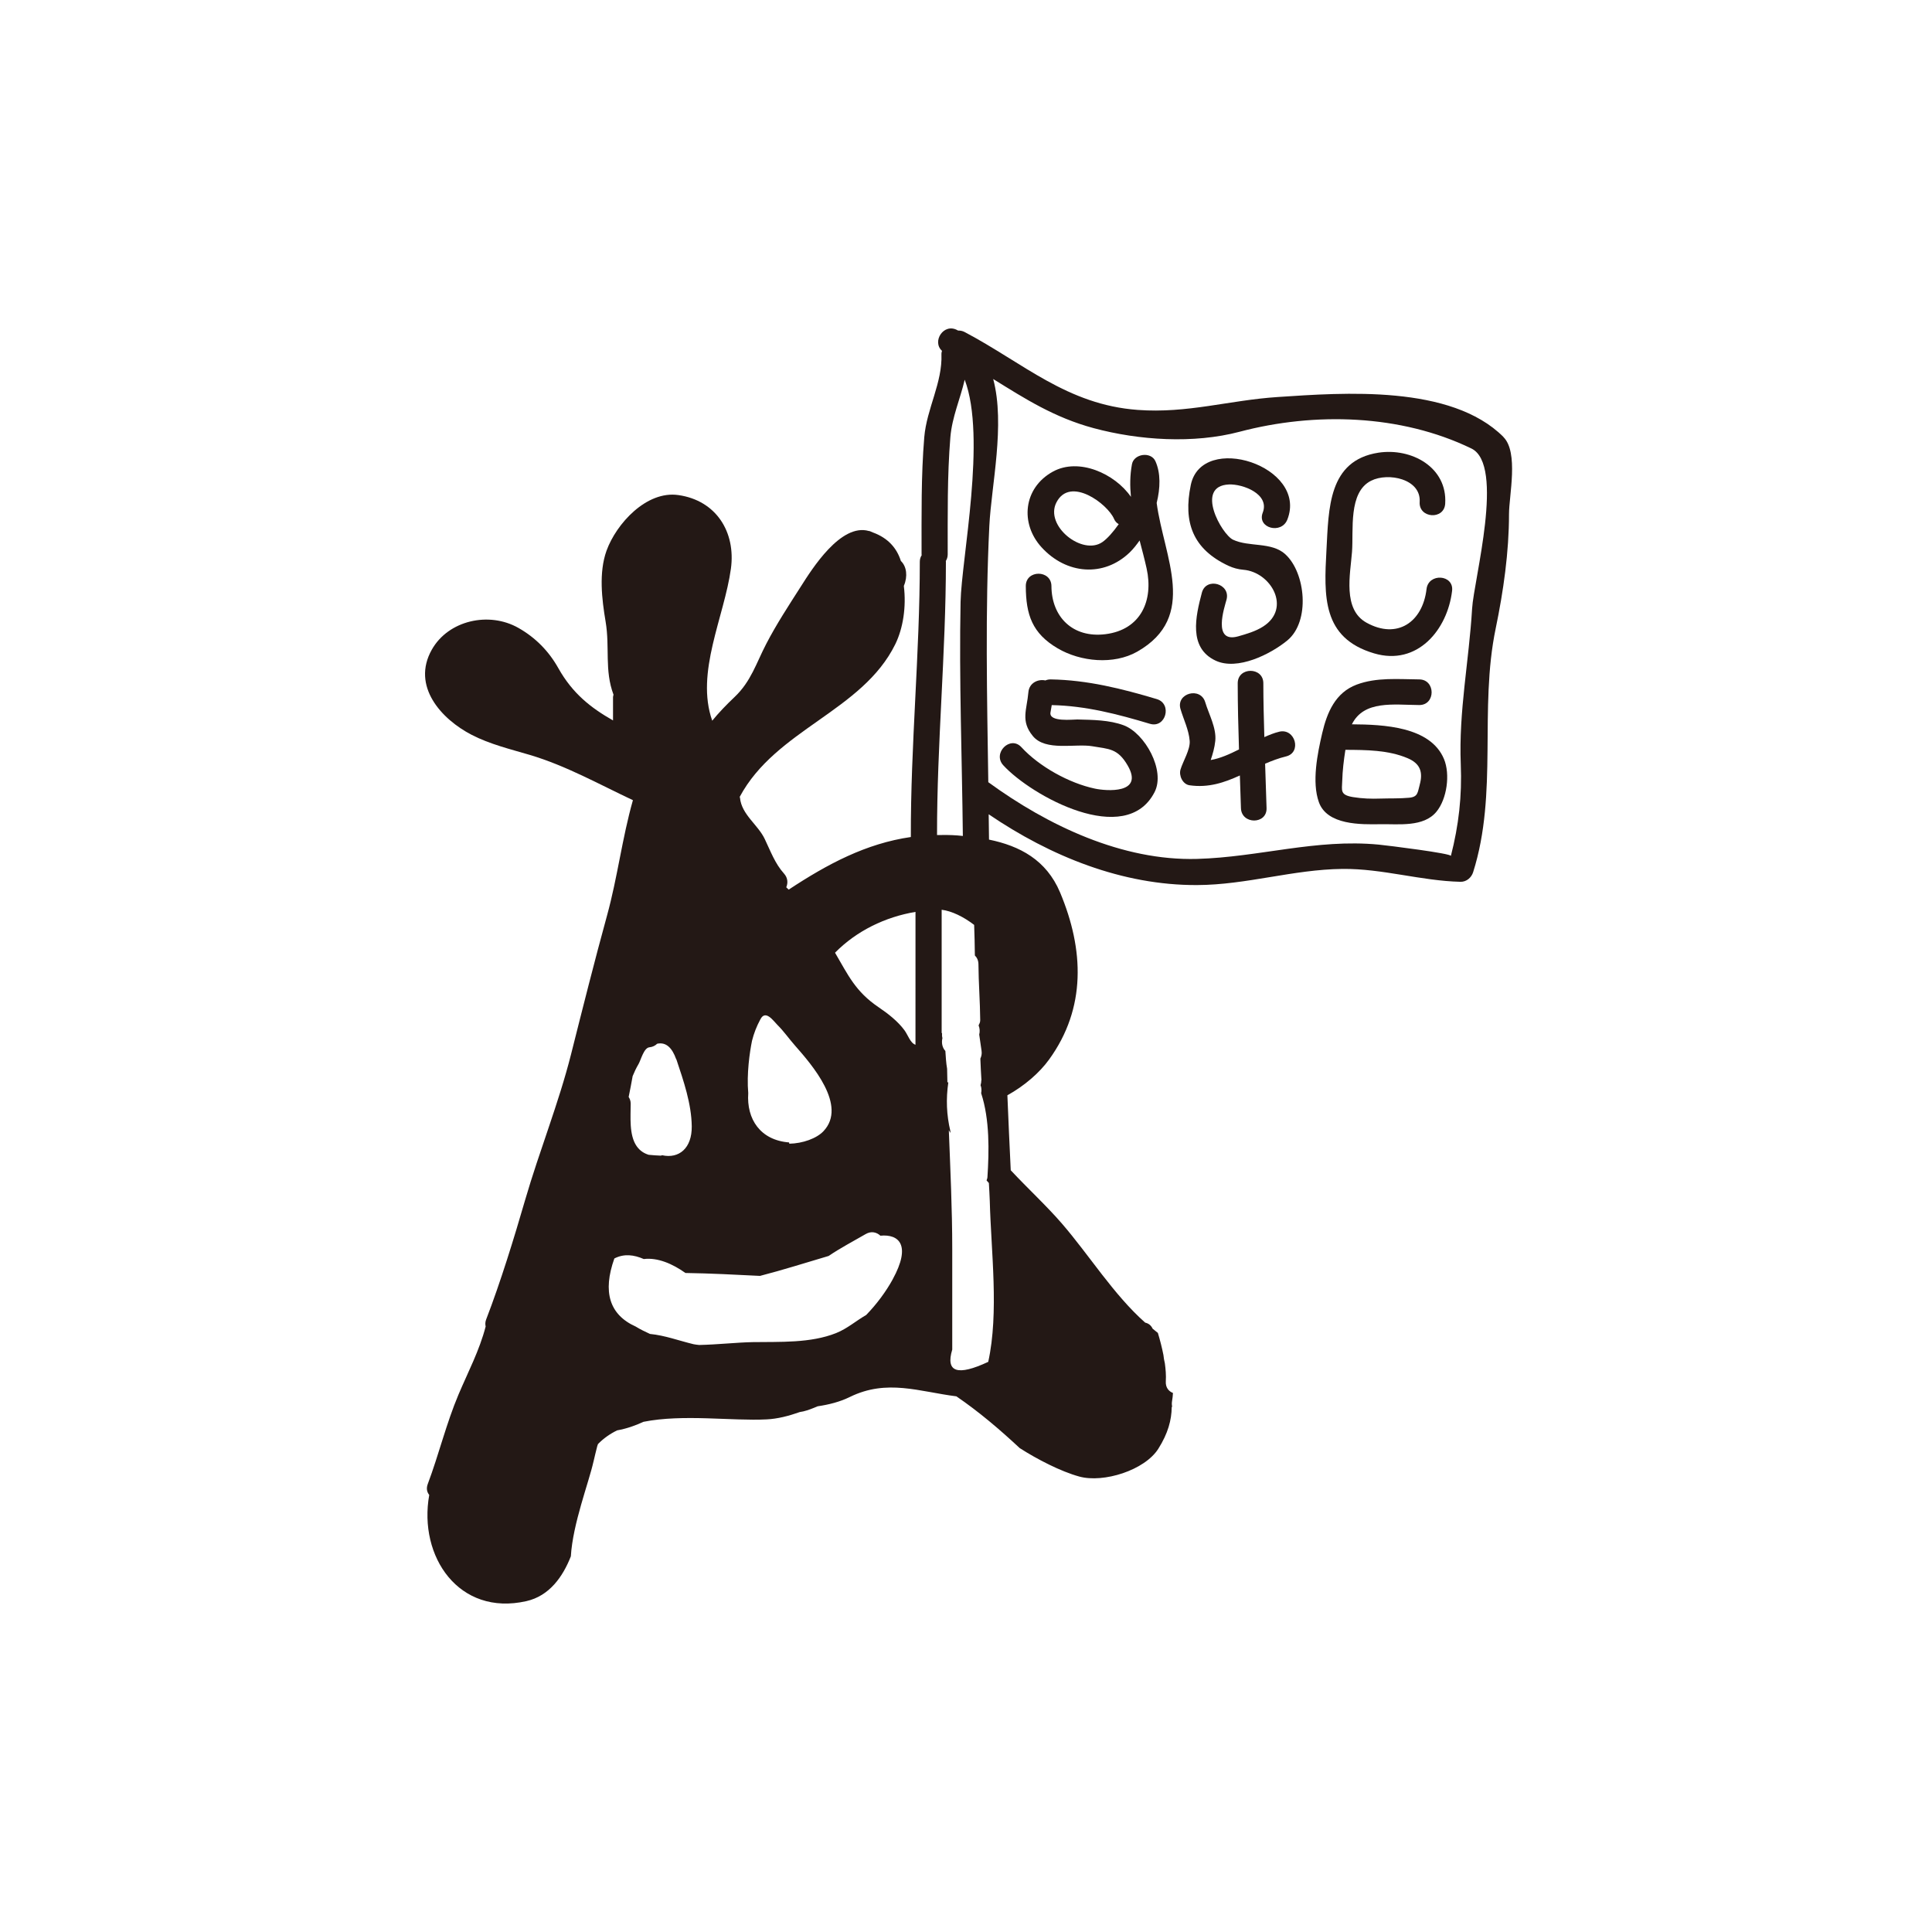 <svg width="100" height="100" viewBox="0 0 100 100" fill="none" xmlns="http://www.w3.org/2000/svg">
<path d="M77.818 22.616C75.106 19.904 69.549 20.323 66.128 20.55C63.621 20.715 61.461 21.408 58.888 21.217C55.233 20.948 52.981 18.797 49.934 17.188C49.811 17.123 49.698 17.107 49.589 17.11C49.577 17.105 49.569 17.098 49.559 17.093C48.846 16.695 48.224 17.677 48.757 18.159C48.744 18.213 48.726 18.266 48.729 18.331C48.786 19.814 47.966 21.147 47.84 22.629C47.672 24.645 47.702 26.678 47.7 28.7C47.7 28.712 47.706 28.721 47.708 28.734C47.649 28.827 47.609 28.934 47.609 29.072C47.609 33.835 47.132 38.55 47.145 43.324C44.827 43.66 42.843 44.715 40.822 46.047C40.777 46.008 40.741 45.967 40.697 45.926C40.79 45.706 40.783 45.439 40.577 45.212C40.112 44.696 39.88 44.045 39.583 43.427C39.236 42.69 38.386 42.166 38.302 41.297C38.302 41.276 38.291 41.264 38.287 41.246C40.164 37.742 44.631 36.818 46.34 33.344C46.748 32.512 46.913 31.399 46.784 30.345C46.784 30.336 46.786 30.327 46.786 30.318C46.991 29.831 46.93 29.321 46.629 29.035C46.422 28.379 45.975 27.85 45.18 27.56C45.138 27.54 45.096 27.521 45.054 27.506C45.036 27.502 45.025 27.492 45.008 27.488C44.994 27.483 44.985 27.488 44.975 27.485C43.52 27.066 42.03 29.448 41.458 30.348C40.837 31.319 40.182 32.318 39.655 33.338C39.14 34.33 38.874 35.265 38.029 36.07C37.6 36.477 37.217 36.873 36.865 37.303C35.984 34.81 37.488 31.936 37.832 29.434C38.09 27.54 37.072 25.904 35.113 25.625C33.464 25.385 31.897 27.109 31.393 28.506C30.989 29.635 31.149 31.005 31.346 32.172C31.573 33.52 31.279 34.689 31.756 35.958C31.748 36.001 31.73 36.035 31.73 36.081V37.289C30.581 36.636 29.636 35.896 28.9 34.585C28.406 33.702 27.717 33.003 26.839 32.504C25.308 31.631 23.206 32.109 22.351 33.625C21.283 35.517 22.85 37.229 24.414 38.035C25.355 38.522 26.421 38.778 27.429 39.076C29.307 39.636 30.999 40.59 32.76 41.417C32.202 43.38 31.963 45.412 31.422 47.38C30.769 49.754 30.168 52.15 29.556 54.575C28.917 57.104 27.917 59.579 27.187 62.089C26.607 64.088 25.907 66.367 25.161 68.302C25.11 68.437 25.114 68.554 25.137 68.659C24.817 69.899 24.228 71.009 23.731 72.184C23.095 73.691 22.715 75.285 22.14 76.815C22.053 77.05 22.104 77.237 22.217 77.378C21.646 80.572 23.756 83.665 27.243 82.875C28.432 82.608 29.132 81.614 29.547 80.555C29.647 78.867 30.477 76.738 30.716 75.662C30.716 75.66 30.718 75.659 30.718 75.659C30.782 75.387 30.845 75.114 30.915 74.847C30.927 74.812 30.939 74.78 30.951 74.745C31.237 74.451 31.57 74.218 31.941 74.036C32.413 73.952 32.87 73.796 33.305 73.593C35.354 73.183 37.898 73.56 39.681 73.467C40.247 73.44 40.821 73.291 41.399 73.087C41.459 73.075 41.524 73.067 41.582 73.053C41.818 72.996 42.066 72.899 42.319 72.79C42.895 72.704 43.462 72.566 43.99 72.306C45.913 71.364 47.582 72.033 49.502 72.274C50.673 73.074 51.746 73.989 52.78 74.953C53.66 75.519 54.897 76.162 55.863 76.426C57.117 76.771 59.252 76.101 59.956 74.985C60.46 74.186 60.639 73.496 60.648 72.839C60.657 72.83 60.662 72.812 60.669 72.801C60.651 72.714 60.648 72.621 60.666 72.516C60.693 72.377 60.702 72.24 60.712 72.1C60.49 72.013 60.324 71.816 60.342 71.499C60.362 71.182 60.334 70.872 60.293 70.565C60.258 70.424 60.233 70.278 60.218 70.13C60.142 69.748 60.045 69.368 59.931 68.991C59.839 68.922 59.752 68.843 59.659 68.771C59.578 68.595 59.441 68.495 59.276 68.46C57.65 67.023 56.365 64.951 54.968 63.336C54.18 62.423 53.208 61.526 52.316 60.573C52.253 59.278 52.195 57.987 52.142 56.692C53.021 56.206 53.804 55.53 54.304 54.836C56.228 52.178 56.114 49.152 54.867 46.187C54.157 44.506 52.778 43.783 51.191 43.458C51.188 43.022 51.179 42.584 51.174 42.147C54.372 44.321 58.088 45.828 61.961 45.811C64.523 45.801 66.937 45.002 69.487 44.975C71.56 44.954 73.55 45.594 75.597 45.642C75.903 45.648 76.159 45.427 76.249 45.145C77.549 41.036 76.546 36.714 77.418 32.523C77.816 30.607 78.106 28.572 78.106 26.611C78.106 25.651 78.615 23.417 77.815 22.619L77.818 22.616ZM38.924 53.871C39.02 53.486 39.163 53.12 39.353 52.769C39.619 52.228 40.038 52.852 40.234 53.044C40.572 53.378 40.844 53.774 41.158 54.128C42.018 55.107 43.874 57.228 42.622 58.551C42.266 58.928 41.541 59.186 40.855 59.198C40.855 59.177 40.845 59.154 40.843 59.132C39.36 59.02 38.634 57.929 38.729 56.581C38.641 55.581 38.804 54.457 38.924 53.871ZM32.742 55.708C32.831 55.492 32.928 55.282 33.05 55.076C33.172 54.87 33.322 54.236 33.613 54.208C33.784 54.192 33.914 54.12 34.016 54.023C34.499 53.921 34.798 54.271 34.991 54.804C34.997 54.819 35.009 54.83 35.015 54.849C35.381 55.944 35.791 57.133 35.805 58.299C35.818 59.431 35.145 59.988 34.271 59.795C34.248 59.799 34.229 59.812 34.207 59.816C34.004 59.811 33.789 59.792 33.574 59.772C33.343 59.7 33.125 59.57 32.955 59.328C32.551 58.75 32.645 57.793 32.644 57.124C32.644 56.981 32.599 56.873 32.539 56.778C32.613 56.421 32.681 56.065 32.744 55.709L32.742 55.708ZM46.209 66.214C45.859 66.852 45.388 67.49 44.832 68.065C44.302 68.367 43.856 68.77 43.272 69.002C41.949 69.528 40.368 69.447 38.968 69.468C38.131 69.483 37.155 69.596 36.186 69.616C36.093 69.603 35.994 69.598 35.903 69.577C35.132 69.392 34.428 69.122 33.642 69.044C33.393 68.927 33.144 68.812 32.907 68.664C31.543 68.052 31.182 66.871 31.799 65.138C32.309 64.878 32.814 64.947 33.322 65.168C34.036 65.079 34.811 65.413 35.478 65.889C36.766 65.909 38.053 65.975 39.338 66.04C40.529 65.733 41.703 65.359 42.891 65.008C43.505 64.591 44.16 64.251 44.804 63.877C45.097 63.704 45.379 63.781 45.569 63.959C46.538 63.867 47.173 64.451 46.207 66.215L46.209 66.214ZM47.385 54.077C47.119 53.989 47 53.581 46.816 53.327C46.478 52.866 45.959 52.459 45.486 52.141C44.276 51.323 43.907 50.483 43.221 49.312C44.339 48.177 45.824 47.461 47.386 47.199L47.385 54.077ZM48.96 29.071C48.96 29.06 48.956 29.053 48.954 29.041C49.011 28.946 49.053 28.838 49.053 28.699C49.055 26.678 49.026 24.644 49.191 22.628C49.28 21.579 49.705 20.641 49.933 19.653C51.069 22.646 49.765 28.922 49.719 31.16C49.638 35.196 49.795 39.235 49.837 43.269C49.742 43.26 49.651 43.249 49.557 43.242C49.194 43.215 48.846 43.215 48.501 43.221C48.495 38.469 48.96 33.808 48.96 29.071ZM51.184 61.233C51.198 61.542 51.223 61.852 51.231 62.164C51.297 64.768 51.713 67.934 51.151 70.489C49.556 71.236 48.935 71.025 49.288 69.854V64.637C49.288 62.59 49.19 60.545 49.111 58.498C49.136 58.547 49.168 58.592 49.192 58.64V58.554C48.989 57.699 48.961 56.881 49.085 56.021C49.068 56.023 49.053 56.019 49.037 56.021C49.033 55.786 49.028 55.552 49.022 55.319C48.968 55.01 48.953 54.705 48.932 54.398C48.769 54.224 48.723 53.966 48.78 53.732C48.758 53.647 48.752 53.556 48.761 53.465C48.754 53.47 48.747 53.474 48.74 53.479V47.089C49.261 47.153 49.869 47.449 50.422 47.873C50.439 48.402 50.456 48.929 50.459 49.455C50.567 49.562 50.641 49.709 50.644 49.904C50.65 50.87 50.728 51.834 50.736 52.799C50.738 52.912 50.693 52.99 50.652 53.074C50.715 53.224 50.724 53.392 50.684 53.549C50.724 53.83 50.762 54.111 50.806 54.394C50.829 54.549 50.796 54.678 50.743 54.795C50.759 55.174 50.775 55.551 50.8 55.929C50.796 55.931 50.79 55.931 50.786 55.932C50.8 56.013 50.768 56.091 50.754 56.172C50.806 56.303 50.811 56.445 50.784 56.584C51.233 57.952 51.195 59.59 51.11 60.925C51.107 60.991 51.083 61.041 51.064 61.096C51.106 61.142 51.144 61.189 51.185 61.234L51.184 61.233ZM76.196 31.501C76.035 34.212 75.499 36.818 75.609 39.554C75.678 41.193 75.504 42.72 75.097 44.304C75.131 44.175 71.852 43.765 71.361 43.717C68.11 43.407 65.182 44.366 61.964 44.457C58.095 44.565 54.245 42.739 51.154 40.486C51.089 36.062 50.991 31.639 51.208 27.217C51.31 25.146 52.04 21.982 51.408 19.618C53.044 20.632 54.566 21.611 56.605 22.16C58.961 22.794 61.783 22.976 64.159 22.348C68.048 21.321 72.496 21.441 76.157 23.213C77.906 24.059 76.283 30.011 76.196 31.501Z" fill="#231815"/>
<path d="M59.869 26.033C60.061 25.264 60.082 24.485 59.803 23.869C59.569 23.358 58.689 23.483 58.59 24.028C58.483 24.606 58.483 25.166 58.537 25.717C57.702 24.51 55.834 23.672 54.492 24.414C52.963 25.258 52.789 27.102 53.912 28.329C55.193 29.733 57.129 29.888 58.474 28.593C58.653 28.42 58.824 28.205 58.986 27.974C59.111 28.453 59.241 28.934 59.349 29.425C59.714 31.084 59.049 32.595 57.22 32.825C55.517 33.037 54.431 31.924 54.422 30.337C54.416 29.482 53.09 29.481 53.095 30.337C53.102 31.819 53.424 32.783 54.749 33.561C55.927 34.251 57.641 34.423 58.864 33.729C62.043 31.916 60.24 28.829 59.869 26.033ZM57.064 28.054C56.029 28.782 54.053 27.217 54.682 26.002C55.392 24.628 57.331 26.083 57.663 26.858C57.72 26.996 57.808 27.073 57.905 27.13C57.619 27.538 57.312 27.881 57.064 28.054Z" fill="#231815"/>
<path d="M66.529 28.688C65.808 28.035 64.649 28.326 63.823 27.936C63.238 27.663 61.828 25.155 63.607 25.076C64.317 25.043 65.736 25.564 65.359 26.535C65.049 27.334 66.33 27.677 66.635 26.888C67.712 24.123 62.212 22.349 61.636 25.098C61.232 27.038 61.741 28.42 63.576 29.282C63.821 29.396 64.089 29.47 64.358 29.491C65.789 29.61 66.863 31.488 65.373 32.433C64.982 32.681 64.529 32.811 64.089 32.937C62.736 33.314 63.379 31.437 63.486 31.033C63.702 30.206 62.423 29.854 62.208 30.68C61.887 31.898 61.502 33.528 62.914 34.192C64.048 34.726 65.767 33.86 66.632 33.149C67.831 32.161 67.575 29.639 66.528 28.689L66.529 28.688Z" fill="#231815"/>
<path d="M73.837 30.492C73.636 32.198 72.322 33.11 70.732 32.231C69.486 31.544 69.891 29.726 69.98 28.566C70.066 27.439 69.776 25.477 70.971 24.881C71.857 24.439 73.557 24.788 73.482 25.98C73.427 26.834 74.751 26.924 74.803 26.07C74.922 24.189 73.064 23.17 71.348 23.431C68.746 23.833 68.774 26.319 68.657 28.475C68.528 30.857 68.424 33.022 71.126 33.819C73.364 34.481 74.922 32.596 75.16 30.581C75.261 29.732 73.936 29.645 73.837 30.491V30.492Z" fill="#231815"/>
<path d="M59.521 37.464C60.341 37.709 60.691 36.428 59.872 36.184C58.072 35.646 56.283 35.197 54.39 35.166C54.283 35.164 54.19 35.184 54.109 35.22C53.741 35.137 53.272 35.336 53.229 35.83C53.15 36.746 52.816 37.311 53.457 38.094C54.116 38.903 55.661 38.474 56.535 38.625C57.391 38.772 57.849 38.727 58.365 39.616C59.236 41.112 57.245 40.942 56.674 40.819C55.336 40.538 53.786 39.674 52.869 38.676C52.291 38.045 51.352 38.986 51.932 39.613C53.381 41.191 58.272 43.902 59.76 41.001C60.337 39.878 59.257 37.952 58.165 37.542C57.419 37.263 56.554 37.261 55.764 37.24C55.556 37.235 54.272 37.393 54.374 36.869C54.398 36.741 54.414 36.618 54.438 36.496C56.196 36.532 57.844 36.962 59.519 37.464H59.521Z" fill="#231815"/>
<path d="M66.209 37.874C65.954 37.935 65.697 38.039 65.442 38.153C65.416 37.225 65.39 36.297 65.39 35.364C65.39 34.509 64.064 34.509 64.064 35.364C64.064 36.51 64.094 37.651 64.13 38.791C63.648 39.033 63.16 39.255 62.666 39.339C62.774 39.019 62.867 38.696 62.903 38.348C62.97 37.676 62.568 36.969 62.383 36.348C62.141 35.53 60.859 35.878 61.103 36.701C61.265 37.249 61.532 37.773 61.578 38.348C61.614 38.794 61.229 39.407 61.103 39.83C61.01 40.143 61.213 40.593 61.567 40.645C62.551 40.788 63.372 40.504 64.175 40.138C64.195 40.701 64.214 41.264 64.231 41.828C64.256 42.682 65.582 42.685 65.557 41.828C65.536 41.062 65.509 40.296 65.482 39.53C65.827 39.381 66.183 39.245 66.562 39.153C67.395 38.955 67.042 37.676 66.21 37.873L66.209 37.874Z" fill="#231815"/>
<path d="M74.741 39.288C74.038 37.603 71.609 37.501 69.974 37.49C70.593 36.238 72.128 36.482 73.459 36.493C74.315 36.499 74.314 35.172 73.459 35.166C72.379 35.158 71.25 35.049 70.219 35.436C69.117 35.85 68.687 36.878 68.438 37.945C68.194 38.995 67.89 40.474 68.265 41.521C68.693 42.715 70.445 42.677 71.457 42.661C72.389 42.645 73.685 42.824 74.35 42.014C74.897 41.349 75.069 40.078 74.741 39.288ZM73.483 40.626C73.373 41.016 73.401 41.249 72.936 41.291C72.45 41.337 71.947 41.318 71.457 41.334C70.978 41.351 70.511 41.336 70.035 41.258C69.346 41.147 69.46 40.908 69.473 40.433C69.488 39.884 69.553 39.347 69.638 38.811H69.644C70.71 38.816 71.863 38.82 72.86 39.245C73.51 39.52 73.666 39.964 73.482 40.625L73.483 40.626Z" fill="#231815"/>
</svg>

□ □ □ □ □

Task directions.
The answer is to be the lines from the one holding "37.874C65.954 37.935 65.697" through the end of the data above, transcribed character for character, both ends included.

Answer box.
<path d="M66.209 37.874C65.954 37.935 65.697 38.039 65.442 38.153C65.416 37.225 65.39 36.297 65.39 35.364C65.39 34.509 64.064 34.509 64.064 35.364C64.064 36.51 64.094 37.651 64.13 38.791C63.648 39.033 63.16 39.255 62.666 39.339C62.774 39.019 62.867 38.696 62.903 38.348C62.97 37.676 62.568 36.969 62.383 36.348C62.141 35.53 60.859 35.878 61.103 36.701C61.265 37.249 61.532 37.773 61.578 38.348C61.614 38.794 61.229 39.407 61.103 39.83C61.01 40.143 61.213 40.593 61.567 40.645C62.551 40.788 63.372 40.504 64.175 40.138C64.195 40.701 64.214 41.264 64.231 41.828C64.256 42.682 65.582 42.685 65.557 41.828C65.536 41.062 65.509 40.296 65.482 39.53C65.827 39.381 66.183 39.245 66.562 39.153C67.395 38.955 67.042 37.676 66.21 37.873L66.209 37.874Z" fill="#231815"/>
<path d="M74.741 39.288C74.038 37.603 71.609 37.501 69.974 37.49C70.593 36.238 72.128 36.482 73.459 36.493C74.315 36.499 74.314 35.172 73.459 35.166C72.379 35.158 71.25 35.049 70.219 35.436C69.117 35.85 68.687 36.878 68.438 37.945C68.194 38.995 67.89 40.474 68.265 41.521C68.693 42.715 70.445 42.677 71.457 42.661C72.389 42.645 73.685 42.824 74.35 42.014C74.897 41.349 75.069 40.078 74.741 39.288ZM73.483 40.626C73.373 41.016 73.401 41.249 72.936 41.291C72.45 41.337 71.947 41.318 71.457 41.334C70.978 41.351 70.511 41.336 70.035 41.258C69.346 41.147 69.46 40.908 69.473 40.433C69.488 39.884 69.553 39.347 69.638 38.811H69.644C70.71 38.816 71.863 38.82 72.86 39.245C73.51 39.52 73.666 39.964 73.482 40.625L73.483 40.626Z" fill="#231815"/>
</svg>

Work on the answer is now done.